New Zealand vs Egypt Predictions
Best Bet: Draw (3.15)
New Zealand have drawn four consecutive World Cup matches. Egypt drew 1-1 with Belgium and felt they could have won. Neither side can be eliminated or qualify in this game, which subtly reduces the incentive to overcommit. The draw at 3.15 is implied at 32% by the market, yet the behavioural and contextual evidence for a stalemate is stronger than that price suggests.
Value Bet: Both Teams to Score
New Zealand conceded twice against Iran and scored twice. Egypt scored once and conceded once against Belgium. Both attacks have shown they can breach defences at this tournament. BTTS has structural backing from Matchday 1 data for both sides. Check the available price and assess whether the implied probability underweights what the form already signals.
Longshot Bet: New Zealand to Win (3.50)
At 29% implied, New Zealand are priced as clear outsiders. But Elijah Just scored twice against Iran and Chris Wood was heavily involved in both goals. If that combination fires again, the All Whites are capable.

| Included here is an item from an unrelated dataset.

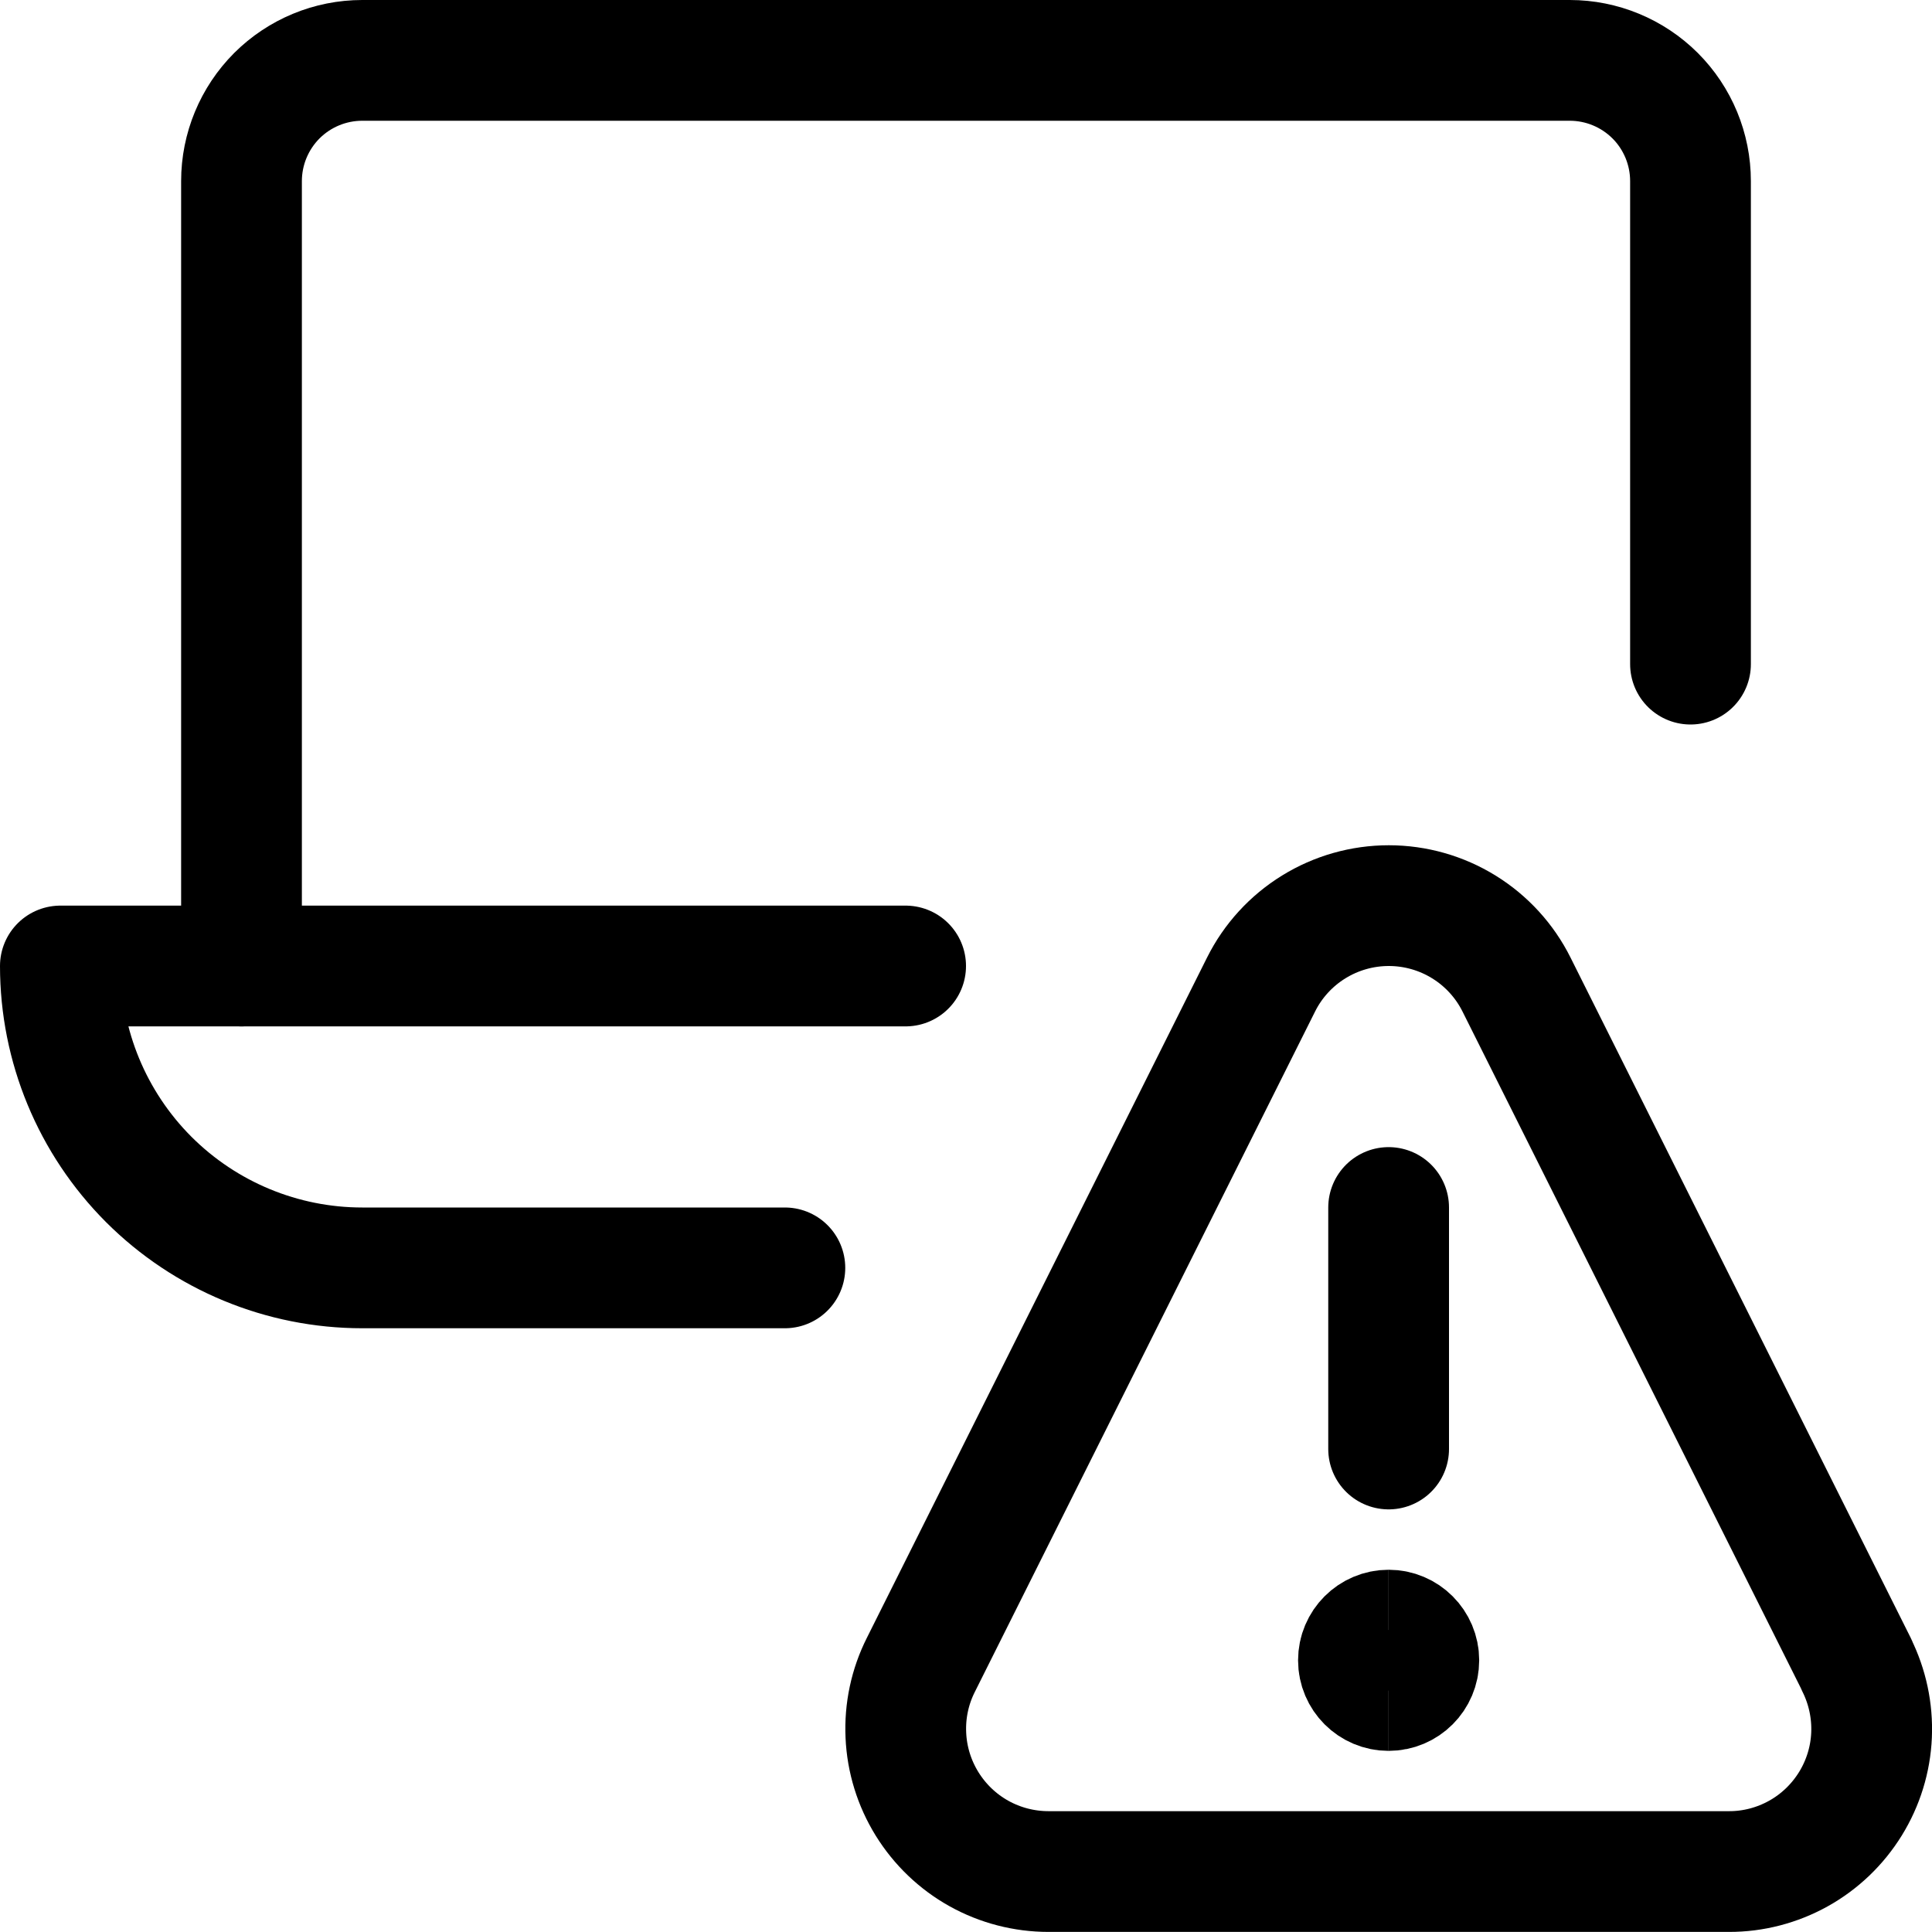 <svg xmlns="http://www.w3.org/2000/svg" fill="none" viewBox="0 0 24 24" id="Laptop-Warning--Streamline-Ultimate"><desc>Laptop Warning Streamline Icon: https://streamlinehq.com</desc><path stroke="#000000" d="M17.25 21c-0.207 0 -0.375 -0.168 -0.375 -0.375s0.168 -0.375 0.375 -0.375" stroke-width="1.5"></path><path stroke="#000000" d="M17.25 21c0.207 0 0.375 -0.168 0.375 -0.375s-0.168 -0.375 -0.375 -0.375" stroke-width="1.5"></path><path stroke="#000000" stroke-linecap="round" stroke-linejoin="round" d="M17.25 18v-3" stroke-width="1.5"></path><path stroke="#000000" stroke-linecap="round" stroke-linejoin="round" d="M23.063 20.682c0.135 0.271 0.199 0.571 0.186 0.873 -0.013 0.302 -0.104 0.596 -0.263 0.853 -0.159 0.257 -0.381 0.47 -0.645 0.617 -0.264 0.147 -0.562 0.225 -0.864 0.224h-8.452c-0.302 0 -0.6 -0.077 -0.864 -0.224 -0.264 -0.147 -0.486 -0.36 -0.645 -0.617 -0.159 -0.257 -0.25 -0.551 -0.263 -0.853 -0.014 -0.302 0.05 -0.603 0.186 -0.873l4.226 -8.451c0.147 -0.295 0.374 -0.543 0.654 -0.716s0.603 -0.265 0.933 -0.265 0.653 0.092 0.933 0.265 0.507 0.421 0.654 0.716l4.226 8.451Z" stroke-width="1.5"></path><path stroke="#000000" stroke-linecap="round" stroke-linejoin="round" d="M3 12V2.25c0 -0.398 0.158 -0.779 0.439 -1.061C3.721 0.908 4.102 0.75 4.5 0.75h15c0.398 0 0.779 0.158 1.061 0.439 0.281 0.281 0.439 0.663 0.439 1.061v6" stroke-width="1.5"></path><path stroke="#000000" stroke-linecap="round" stroke-linejoin="round" d="M11.25 12H0.75c0 0.995 0.395 1.948 1.098 2.652C2.552 15.355 3.505 15.75 4.5 15.75h5.25" stroke-width="1.5"></path></svg>

At 3.50, you are being paid a premium for a result the market thinks is unlikely but which is far from implausible given the Matchday 1 evidence.
Where the Value Is
The draw is the most structurally supported selection in this match. New Zealand have not won a World Cup game in their current run, drawing four in succession. Egypt drew their opener and, by their own account, felt they deserved more. Group G is level on points across all four teams. The stakes are high enough to push both sides forward but not so desperate that either will throw caution aside completely. At 3.15, the draw offers the clearest edge relative to the contextual evidence available.
BTTS is the secondary angle. Both teams scored and conceded in their respective openers. That is not a guarantee, but it is the most direct form data you have, and it points in one direction.
New Zealand vs Egypt Match Preview
This is a genuine crossroads fixture. All four Group G sides are level on one point after Matchday 1, meaning the winner here moves into a strong position heading into the final round. New Zealand will look to build from deep and exploit transitions through Elijah Just's movement and Chris Wood's physicality. Egypt will lean on Mohamed Salah's creativity and Omar Marmoush's threat in behind, with Emam Ashour offering energy through midfield. Expect a competitive, tactically cautious contest where the first goal carries enormous weight.
Why This Match Matters
Group G is uniquely balanced. New Zealand drew 2-2 with Iran. Egypt drew 1-1 with Belgium. Three points from this fixture would give the winner a commanding position before Matchday 3. Neither team can be eliminated here, but a defeat would leave the losing side needing a result against a stronger opponent in the final round. The motivation to avoid defeat is high for both, which feeds directly into the structural case for the draw. Key players to watch: Wood and Just for New Zealand; Salah, Marmoush and Ashour for Egypt.
New Zealand Form & Egypt Form
New Zealand: The All Whites qualified via a flawless Oceania campaign, winning all five games and scoring 29 goals while conceding one. At the World Cup, they drew 2-2 with Iran, with Elijah Just becoming the first New Zealander to score more than once in a World Cup match, netting at the 7th and 54th minute. Chris Wood was heavily involved in both goals. New Zealand have now drawn four successive World Cup matches, against Slovakia, Italy, Paraguay and Iran. Their probable XI is built around Wood's physical presence up front and Just's ability to arrive late into dangerous areas.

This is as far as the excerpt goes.